▶ [What you need to do]:
Copy only the lines from the one with "Character: 𮃕" through the end of the records, exactly as they stand. No pictures belong in the copy.

►

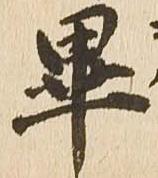
畢
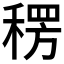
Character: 𮃕
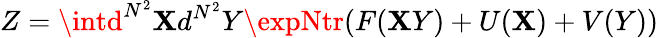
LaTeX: Z=\intd^{N^{2}}\mathbf{X}d^{N^{2}}Y\expNtr(F(\mathbf{X}Y)+U(\mathbf{X})+V(Y))
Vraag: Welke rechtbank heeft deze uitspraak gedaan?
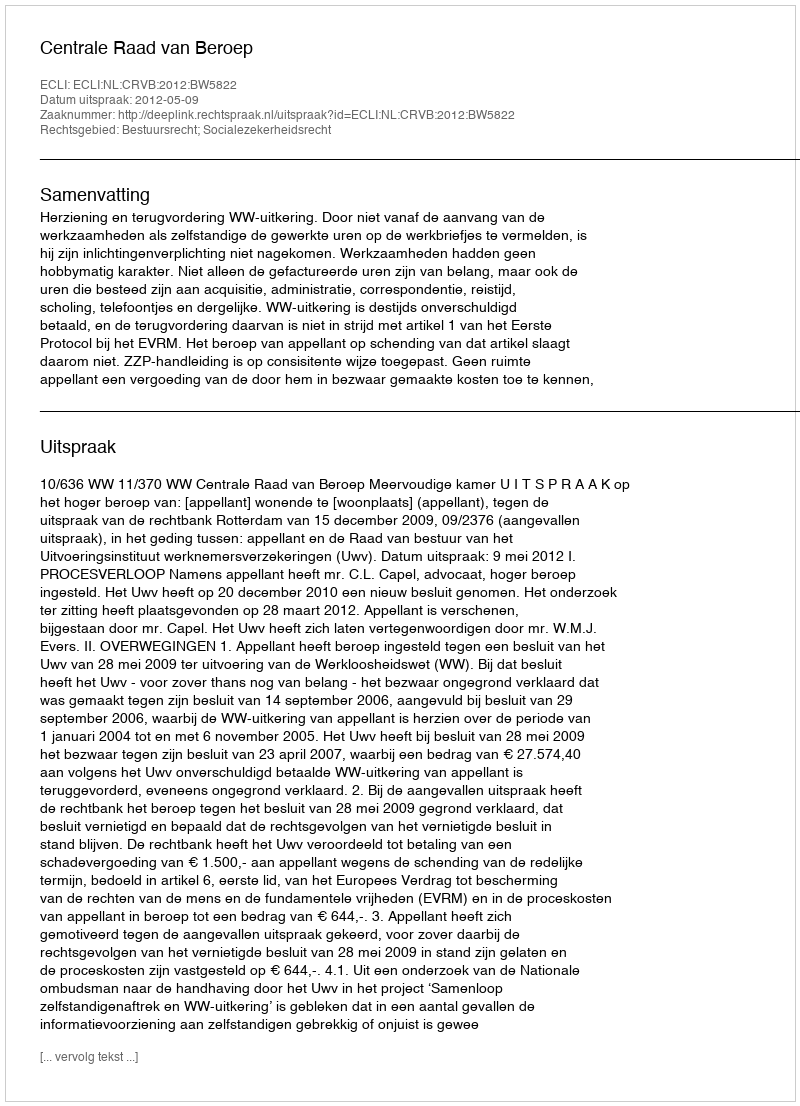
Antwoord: Centrale Raad van Beroep
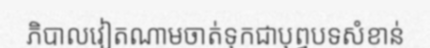
ភិបាលវៀតណាមចាត់ទុកជាបុព្វបទសំខាន់
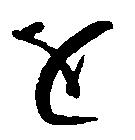
を
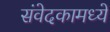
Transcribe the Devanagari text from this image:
संवेदकामध्ये
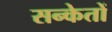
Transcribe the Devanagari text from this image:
सन्केतों
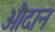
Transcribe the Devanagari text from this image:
औदान
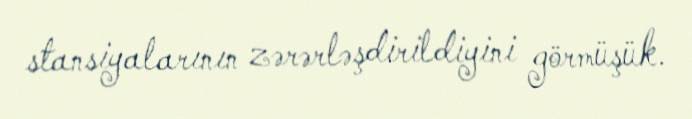
stansiyalarının zərərləşdirildiyini görmüşük.
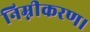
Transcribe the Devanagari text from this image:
निम्नीकरण।
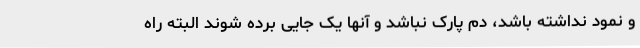
و نمود نداشته باشد، دم پارک نباشد و آنها یک جایی برده شوند البته راه
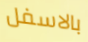
بالاسفل
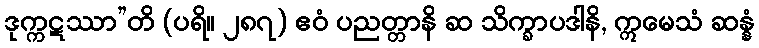
ဒုက္ကဋဿာ”တိ (ပရိ။ ၂၈၇) ဧဝံ ပညတ္တာနိ ဆ သိက္ခာပဒါနိ, ဣမေသံ ဆန္နံ
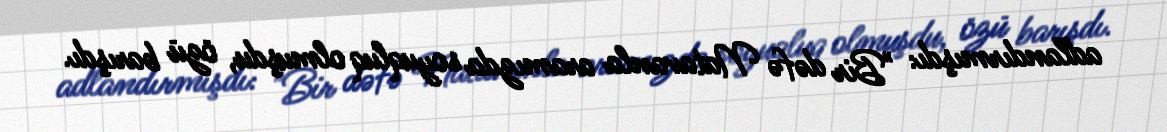
adlandırmışdı: "Bir dəfə Natavanla aramızda soyuqluq olmuşdu, özü barışdı.

◄

▶ [The answer]:
Character: 𮃕
LaTeX: Z=\intd^{N^{2}}\mathbf{X}d^{N^{2}}Y\expNtr(F(\mathbf{X}Y)+U(\mathbf{X})+V(Y))
Vraag: Welke rechtbank heeft deze uitspraak gedaan?
Antwoord: Centrale Raad van Beroep
ភិបាលវៀតណាមចាត់ទុកជាបុព្វបទសំខាន់
を
Transcribe the Devanagari text from this image:
संवेदकामध्ये
Transcribe the Devanagari text from this image:
सन्केतों
Transcribe the Devanagari text from this image:
औदान
stansiyalarının zərərləşdirildiyini görmüşük.
Transcribe the Devanagari text from this image:
निम्नीकरण।
و نمود نداشته باشد، دم پارک نباشد و آنها یک جایی برده شوند البته راه
بالاسفل
ဒုက္ကဋဿာ”တိ (ပရိ။ ၂၈၇) ဧဝံ ပညတ္တာနိ ဆ သိက္ခာပဒါနိ, ဣမေသံ ဆန္နံ
adlandırmışdı: "Bir dəfə Natavanla aramızda soyuqluq olmuşdu, özü barışdı.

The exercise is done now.